Tag Archives: idolotry

Paterno’s legacy (not his eternity)

I believe in a God whose love is more powerful than the worst of human nature, so I stay out of the guessing game as to who is going to be rewarded in heaven and who is going to face eternal damnation.  I don’t have the theological arrogance to try and guess at that sort of thing.

Joe Paterno died yesterday, and the commentaries, columns, blogs, status updates, and tweets started to pour out.  Some of it has been vitriolic.  Some of it has been too flowery to stomach.  Joe Paterno was a man.  He was a sinner like all of us.  He had some great victories, and some terrible failures.  I would not want to be judged by my worst moments, but I’m not judging him as a man.  I do not venture into that realm.  I am commenting on his legacy – the way in which he is remembered.  His legacy and his eternity are two very different things.

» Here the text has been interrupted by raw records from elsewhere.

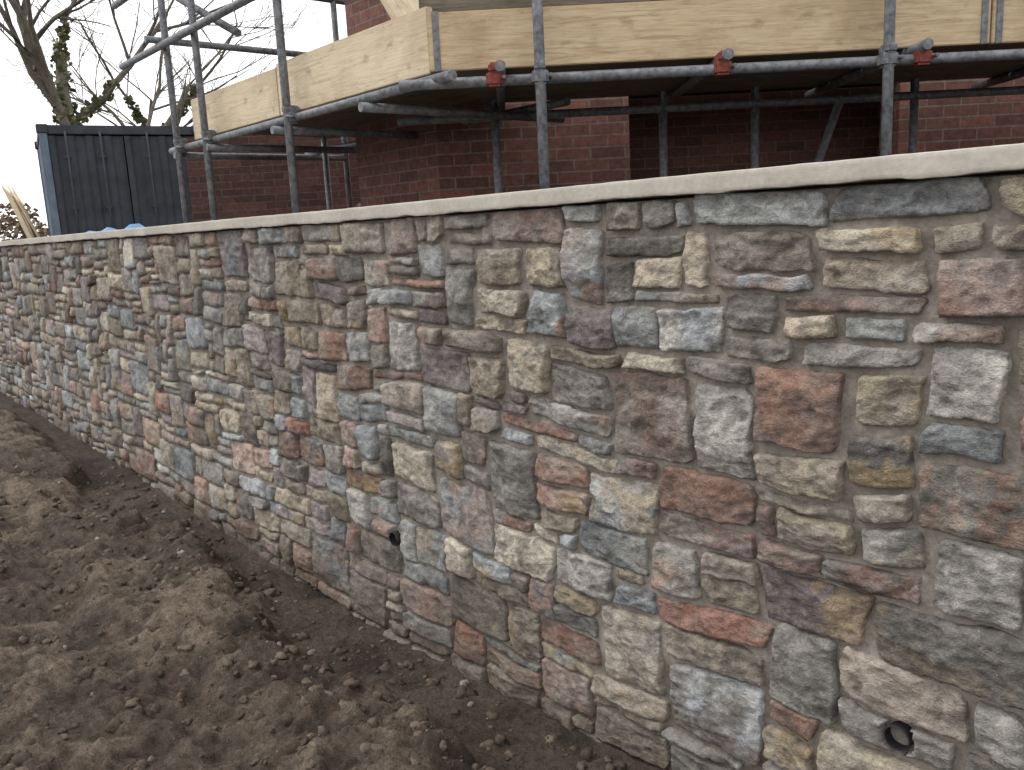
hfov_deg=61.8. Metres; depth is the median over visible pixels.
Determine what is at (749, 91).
porch ceiling
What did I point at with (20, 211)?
plywood sheets
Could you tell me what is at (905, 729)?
weep pipe
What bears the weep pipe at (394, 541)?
on the stones
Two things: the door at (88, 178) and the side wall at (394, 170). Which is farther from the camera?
the door at (88, 178)
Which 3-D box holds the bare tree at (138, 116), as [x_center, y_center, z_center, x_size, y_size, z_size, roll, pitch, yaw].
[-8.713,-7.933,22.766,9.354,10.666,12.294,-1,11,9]
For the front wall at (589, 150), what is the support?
on the ground
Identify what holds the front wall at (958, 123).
on the ground
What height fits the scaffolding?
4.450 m
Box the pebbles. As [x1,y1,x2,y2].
[0,455,487,751]
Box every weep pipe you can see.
[389,530,400,545]
[884,720,913,750]
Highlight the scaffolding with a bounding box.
[111,0,1023,222]
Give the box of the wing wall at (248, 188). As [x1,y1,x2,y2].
[183,134,360,221]
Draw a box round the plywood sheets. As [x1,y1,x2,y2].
[1,185,39,237]
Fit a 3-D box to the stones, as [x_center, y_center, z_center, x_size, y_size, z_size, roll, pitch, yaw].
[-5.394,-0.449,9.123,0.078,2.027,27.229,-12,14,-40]
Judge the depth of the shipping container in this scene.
14.00 m
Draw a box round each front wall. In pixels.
[436,96,629,198]
[879,77,1023,155]
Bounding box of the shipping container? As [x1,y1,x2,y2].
[34,124,194,235]
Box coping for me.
[0,143,1023,246]
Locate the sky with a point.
(21, 108)
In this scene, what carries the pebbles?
on the ground
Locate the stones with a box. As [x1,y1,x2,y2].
[0,176,1023,769]
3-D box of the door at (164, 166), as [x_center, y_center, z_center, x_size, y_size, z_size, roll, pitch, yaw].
[-5.826,-3.040,14.459,1.080,2.250,0.036,-9,12,-28]
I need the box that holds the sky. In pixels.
[0,0,346,240]
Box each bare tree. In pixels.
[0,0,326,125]
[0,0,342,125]
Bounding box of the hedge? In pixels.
[0,200,48,240]
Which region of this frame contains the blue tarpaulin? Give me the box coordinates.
[86,223,143,232]
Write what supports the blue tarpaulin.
on the ground
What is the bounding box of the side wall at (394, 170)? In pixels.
[344,0,440,206]
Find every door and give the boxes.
[48,136,133,234]
[124,136,192,226]
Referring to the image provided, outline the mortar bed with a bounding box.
[0,174,1023,769]
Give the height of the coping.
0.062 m
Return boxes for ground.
[0,392,666,769]
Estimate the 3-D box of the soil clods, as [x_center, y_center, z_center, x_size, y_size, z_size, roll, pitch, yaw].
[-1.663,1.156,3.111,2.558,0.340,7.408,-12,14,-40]
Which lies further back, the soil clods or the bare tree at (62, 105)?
the bare tree at (62, 105)
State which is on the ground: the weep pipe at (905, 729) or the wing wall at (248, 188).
the wing wall at (248, 188)
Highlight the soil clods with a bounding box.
[0,453,626,769]
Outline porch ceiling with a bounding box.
[628,83,880,98]
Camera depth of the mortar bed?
2.29 m
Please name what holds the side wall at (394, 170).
on the ground
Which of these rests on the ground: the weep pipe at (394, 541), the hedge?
the hedge

Here are few things I have to start with:

  • God’s grace is offered to all.  I believe in a God of forgiveness, and I do not claim to know the will of God.  I know absolutely nothing about Joe Paterno’s relationship with God – or Jerry Sandusky’s or Mike Mcqueary’s or any of the Penn State board members or any of the former football players that have come to Paterno’s defense.
  • God’s healing is possible for all.  I believe in a God of healing, and I pray that there is healing for all those that are involved.  I pray for the victims, for Sandusky, and for all that have been hurt.  I know that there are a lot of broken hearts, and I hurt for all of them.  I imagine that Joe Paterno has gone through a lot of turmoil these past few weeks, and I take no pleasure in that.  I pray that he may indeed rest in peace, because I believe in the peace of Jesus Christ that surpasses all understanding.
  • Joe Paterno did not molest, rape or harm any child.  Jerry Sandusky is accused of doing those things.  He will get his day in court and face his accusers.  I’ve read some of the testimony, and it looks pretty convincing.  There is little doubt the prime “bad guy” in all of this is Sandusky.
  • We can take a lot of lessons from this tragedy, and one is this: you never know.  Paterno trusted Sandusky.  That trust was obviously mispaced.  I do not blame him for trusting the wrong person.  Any of us can do that.  I blame him for the inaction after he was told the truth.  And to that end, there seems to be plenty of blame to go around.  As I read the timeline of this story, I just wish that one person – ONE – had the courage to address the problems that began to surface in 1994.
  • Another lesson is this: maybe we should stop building up coaches – or anyone for that matter – with so much adoration.  This is something I wrote about in a post called Congratulations Coach.
  • My argument here is about Joe Paterno’s legacy.  Not his eternal salvation, not Sandusky’s innocence, not the the board, or McQueary, or anyone else.  I read the headline of a column that read “Paterno’s legacy outweighs the scandal.”  I disagree, and here’s why:

Joe Paterno built a strong legacy, and it was on the strength of that legacy that Sandusky preyed (I’m going to allow you to insert the word “allegedly” here because it will get tiresome to type it every time.) on children.  Paterno’s legacy gave Sandusky legitimacy.  It gave him access.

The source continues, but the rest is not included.